Let $\mathcal{S}$ be the moduli stack (over $\text{Spec }\mathbb{Z}$) of elliptic curves endowed with a trivialisation of its Hodge bundle.

Classically, we know that $\mathcal{S}\otimes \mathbb{Z}[1/6]$ is represented by the affine scheme $$ U=\text{Spec } \mathbb{Z}\left[\frac{1}{6},g_2,g_3,\frac{1}{g_2^3 - 27g_3^2}\right] $$ One can show that it is not representable over $\mathbb{Z}$, so I was wondering what is the coarse moduli space $S$, over $\text{Spec }\mathbb{Z}$, of $\mathcal{S}$?

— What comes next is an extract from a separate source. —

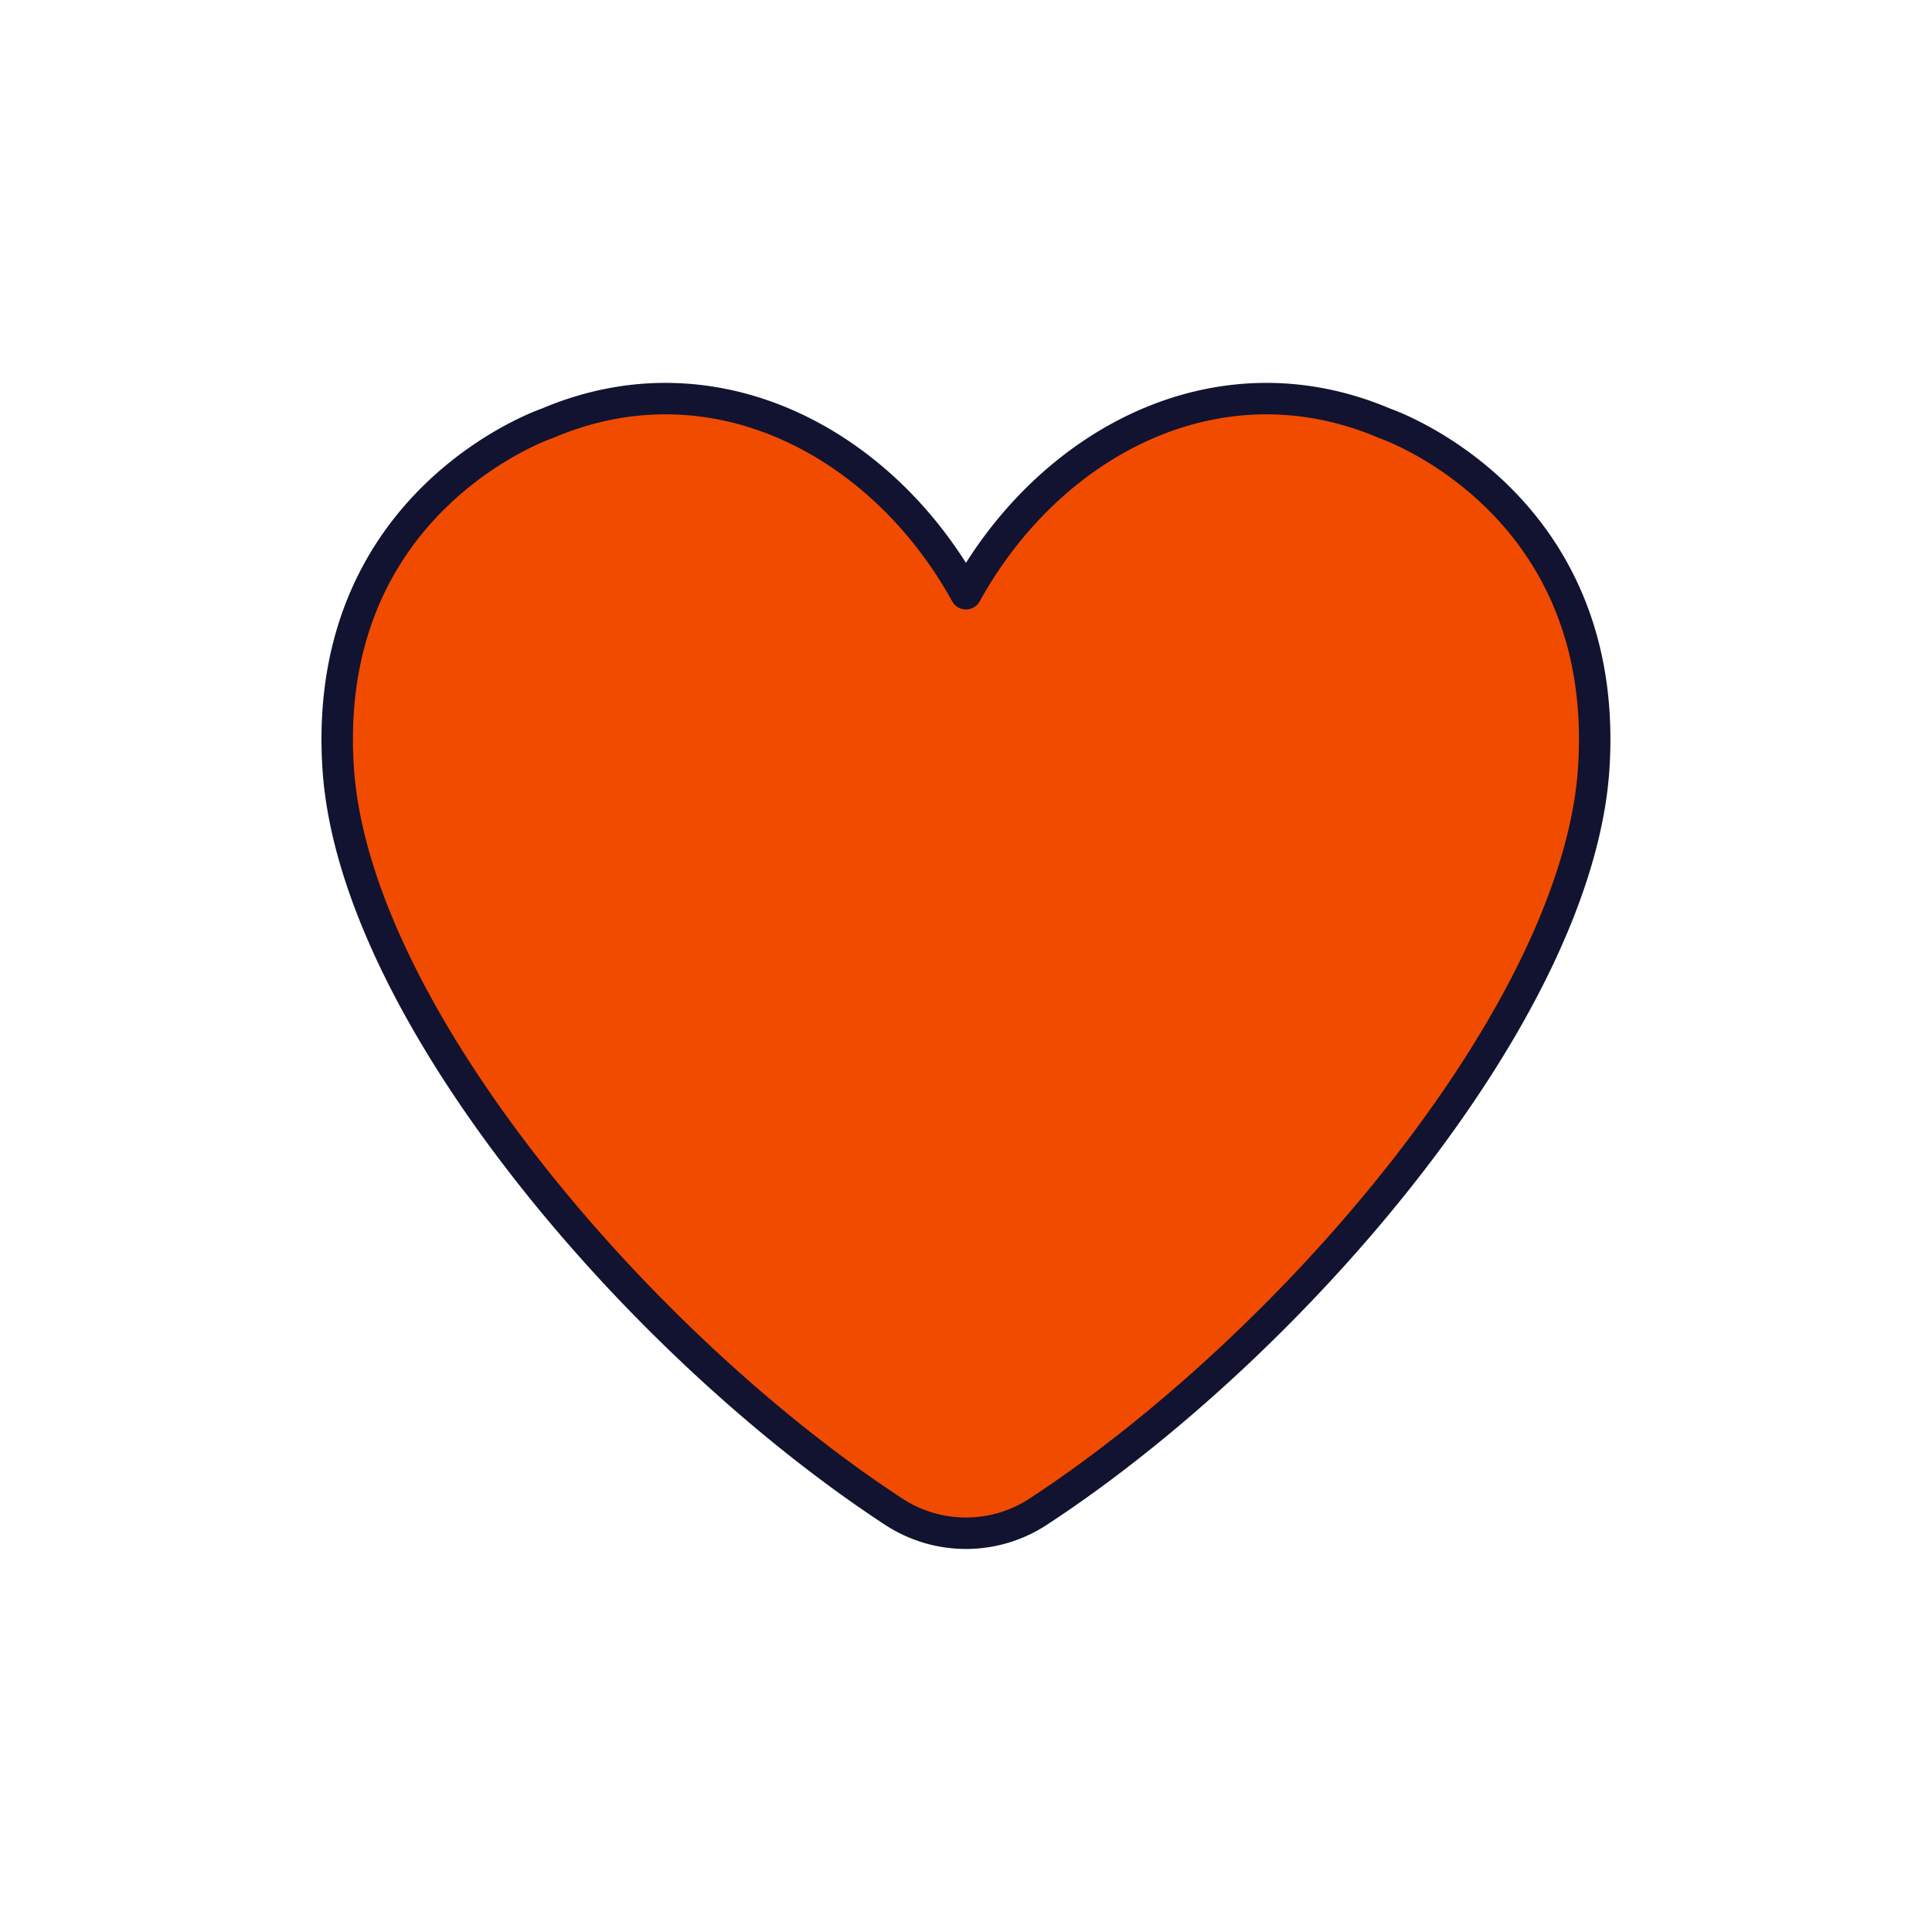 <svg xmlns="http://www.w3.org/2000/svg" width="430" height="430" style="width:100%;height:100%;transform:translate3d(0,0,0);content-visibility:visible" viewBox="0 0 430 430"><defs><clipPath id="e"><path d="M0 0h430v430H0z"/></clipPath><clipPath id="h"><path d="M0 0h430v430H0z"/></clipPath><clipPath id="f"><path d="M0 0h430v430H0z"/></clipPath><filter id="a" width="100%" height="100%" x="0%" y="0%" filterUnits="objectBoundingBox"><feComponentTransfer in="SourceGraphic"><feFuncA tableValues="1.0 0.0" type="table"/></feComponentTransfer></filter><filter id="c" width="100%" height="100%" x="0%" y="0%" filterUnits="objectBoundingBox"><feComponentTransfer in="SourceGraphic"><feFuncA tableValues="1.0 0.0" type="table"/></feComponentTransfer></filter><mask id="i" mask-type="alpha"><g filter="url(#a)"><path fill="#fff" d="M0 0h430v430H0z" opacity="0"/><use xmlns:ns1="http://www.w3.org/1999/xlink" ns1:href="#b"/></g></mask><mask id="g" mask-type="alpha"><g filter="url(#c)"><path fill="#fff" d="M0 0h430v430H0z" opacity="0"/><use xmlns:ns2="http://www.w3.org/1999/xlink" ns2:href="#d"/></g></mask><path id="d" fill="#F24C00" d="M254.411 333.114a29.35 29.35 0 0 1-32.174 0c-56.599-37.063-120.2-111.29-123.648-165.631-3.78-59.571 46.539-76.594 46.539-76.594 37.228-15.862 76.013-65.313 94.529-31.742 18.516-33.571 54.635 15.88 91.863 31.742 0 0 50.319 17.023 46.539 76.594-3.448 54.341-67.049 128.568-123.648 165.631" style="display:block"/><g id="b" style="display:none"><path/><path/></g></defs><g clip-path="url(#e)"><g clip-path="url(#f)" style="display:block"><path fill="none" stroke="#121330" stroke-linecap="round" stroke-linejoin="round" stroke-width="7" d="M0 0" class="primary" style="display:none" transform="translate(19.872 214.42)"/><path fill="none" class="primary" style="display:none"/><path fill="none" class="primary" style="display:none"/><path fill="none" class="primary" style="display:none"/><path fill="none" class="primary" style="display:none"/><path fill="none" class="primary" style="display:none"/><path fill="none" class="primary" style="display:none"/><path fill="none" class="primary" style="display:none"/><path fill="#F14B00" d="M231.077 336.447a29.35 29.35 0 0 1-32.174 0c-56.599-37.064-120.2-111.29-123.648-165.631-3.78-59.571 46.539-76.594 46.539-76.594 37.228-15.862 74.68 4.353 93.196 37.924 18.516-33.571 55.968-53.786 93.196-37.924 0 0 50.319 17.023 46.539 76.594-3.448 54.341-67.049 128.567-123.648 165.631" class="secondary" style="display:block"/><g mask="url(#g)" opacity=".5" style="mix-blend-mode:multiply;display:block"><path fill="#F14B00" d="M231.077 336.447a29.35 29.35 0 0 1-32.174 0c-56.599-37.064-120.2-111.29-123.648-165.631-3.78-59.571 46.539-76.594 46.539-76.594 37.228-15.862 74.68 4.353 93.196 37.924 18.516-33.571 55.968-53.786 93.196-37.924 0 0 50.319 17.023 46.539 76.594-3.448 54.341-67.049 128.567-123.648 165.631" class="secondary"/></g><path fill="none" stroke="#121330" stroke-linecap="round" stroke-linejoin="round" stroke-width="7" d="M16.087 121.462a29.35 29.35 0 0 1-32.174 0c-56.599-37.064-120.2-111.29-123.648-165.631-3.78-59.571 46.539-76.594 46.539-76.594C-55.968-136.625-18.516-116.41 0-82.839c18.516-33.571 55.968-53.786 93.196-37.924 0 0 50.319 17.023 46.539 76.594-3.448 54.341-67.049 128.567-123.648 165.631" class="primary" style="display:block" transform="translate(214.99 214.985)"/></g><g clip-path="url(#h)" style="display:none"><g style="display:none"><path class="secondary"/><path class="secondary"/></g><g mask="url(#i)" style="mix-blend-mode:multiply;display:none"><path class="secondary"/><path class="secondary"/></g><g fill="none" style="display:none"><path class="primary"/><path class="primary"/></g></g></g></svg>

First of all, can we say something by a priori general reasoning? For instance, do we know a priori that $S$ is a scheme? Affine? etc.

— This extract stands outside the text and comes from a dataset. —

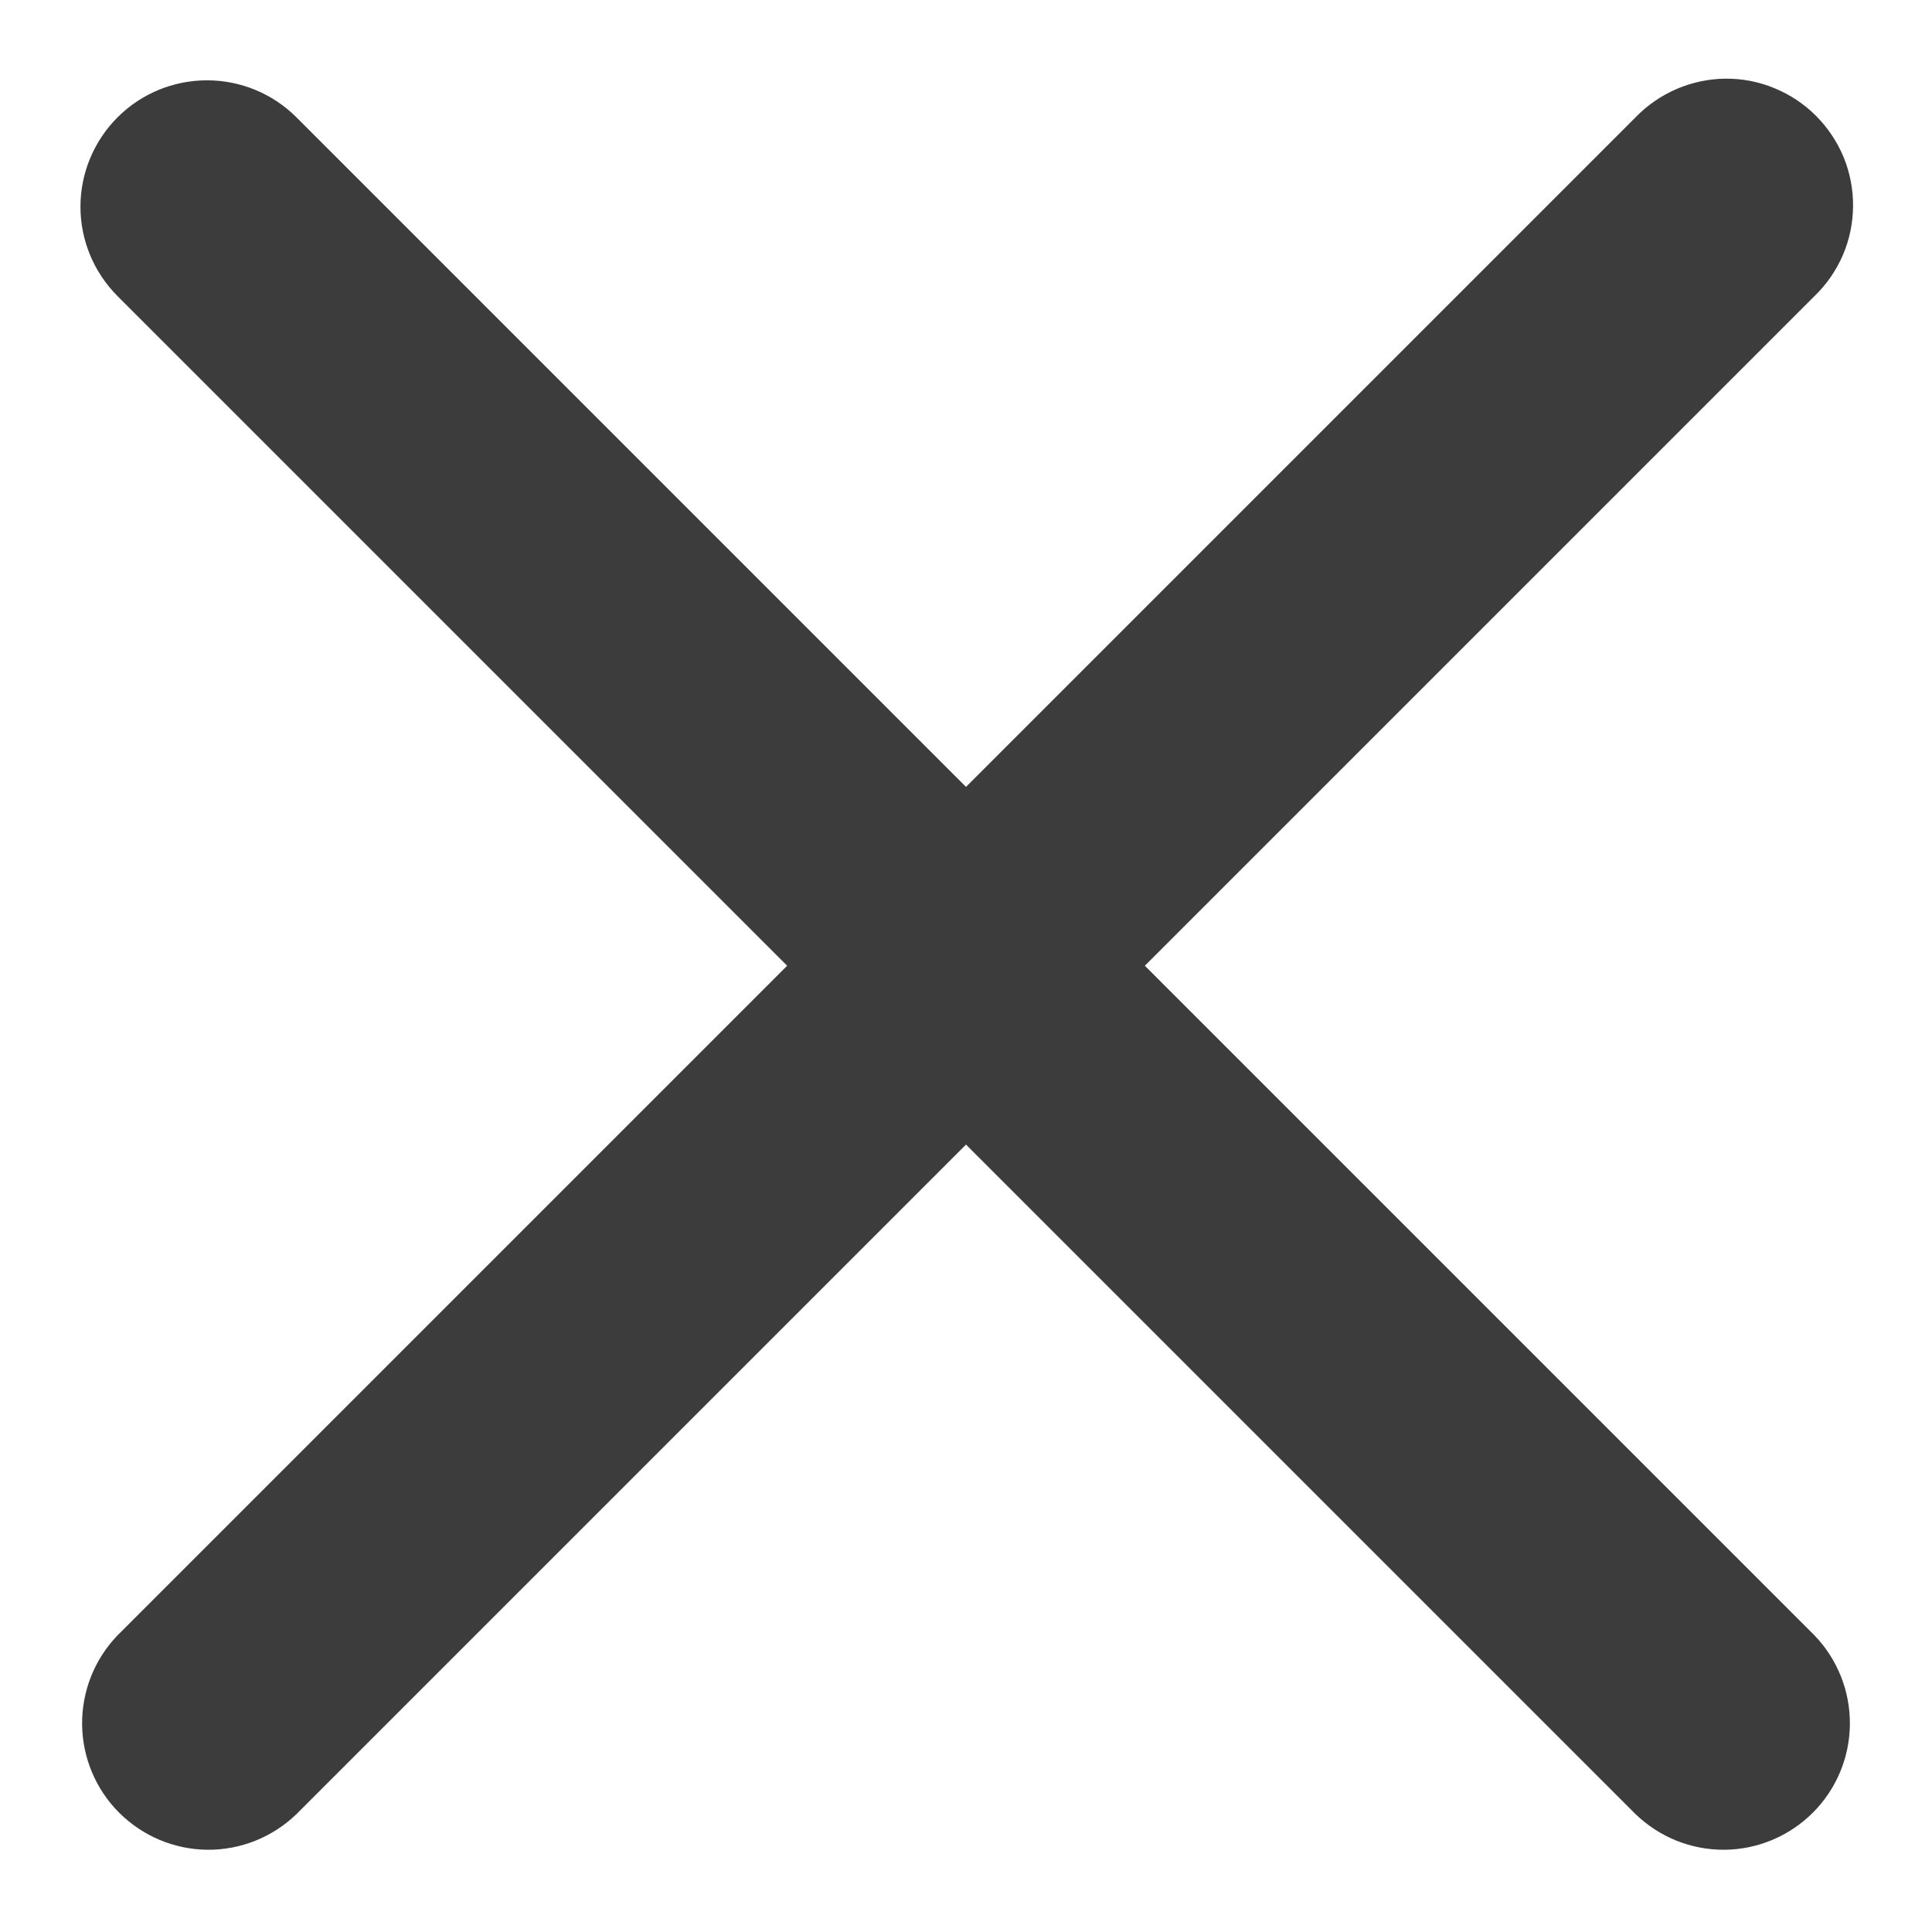 <svg width="14" height="14" viewBox="0 0 14 14" fill="none" xmlns="http://www.w3.org/2000/svg">
<path d="M0.852 0.85C1.024 0.678 1.257 0.582 1.5 0.582C1.743 0.582 1.976 0.678 2.148 0.85L7 5.702L11.852 0.85C11.936 0.763 12.038 0.693 12.149 0.645C12.261 0.597 12.382 0.571 12.503 0.57C12.625 0.569 12.746 0.592 12.858 0.639C12.971 0.685 13.073 0.753 13.159 0.839C13.245 0.925 13.313 1.027 13.36 1.14C13.406 1.253 13.429 1.373 13.428 1.495C13.427 1.617 13.402 1.737 13.354 1.849C13.305 1.961 13.236 2.062 13.148 2.146L8.296 6.998L13.148 11.85C13.315 12.023 13.407 12.255 13.405 12.495C13.403 12.735 13.307 12.965 13.137 13.135C12.967 13.305 12.737 13.402 12.497 13.404C12.256 13.406 12.025 13.313 11.852 13.146L7 8.294L2.148 13.146C1.975 13.313 1.744 13.406 1.503 13.404C1.263 13.402 1.033 13.305 0.863 13.135C0.693 12.965 0.597 12.735 0.595 12.495C0.593 12.255 0.685 12.023 0.852 11.85L5.704 6.998L0.852 2.146C0.68 1.974 0.583 1.741 0.583 1.498C0.583 1.255 0.68 1.022 0.852 0.85Z" fill="#3C3C3C"/>
</svg>

In fact, I have a candidate for $S$: $$ S = \text{Spec }\frac{\mathbb{Z}[c_4,c_6,\Delta^{\pm 1}]}{(c_4^3-c_6^2 - 1728\Delta)} $$ It is a localisation of the ring of modular forms over $\mathbb{Z}$. It is easy to define a natural map $\mathcal{S}\to S$ and I think it is ok to show that $\mathcal{S}(k) \to S(k)$ is a bijection whenever $k$ is an algebraically closed field. But I get confused when trying to prove the universal property.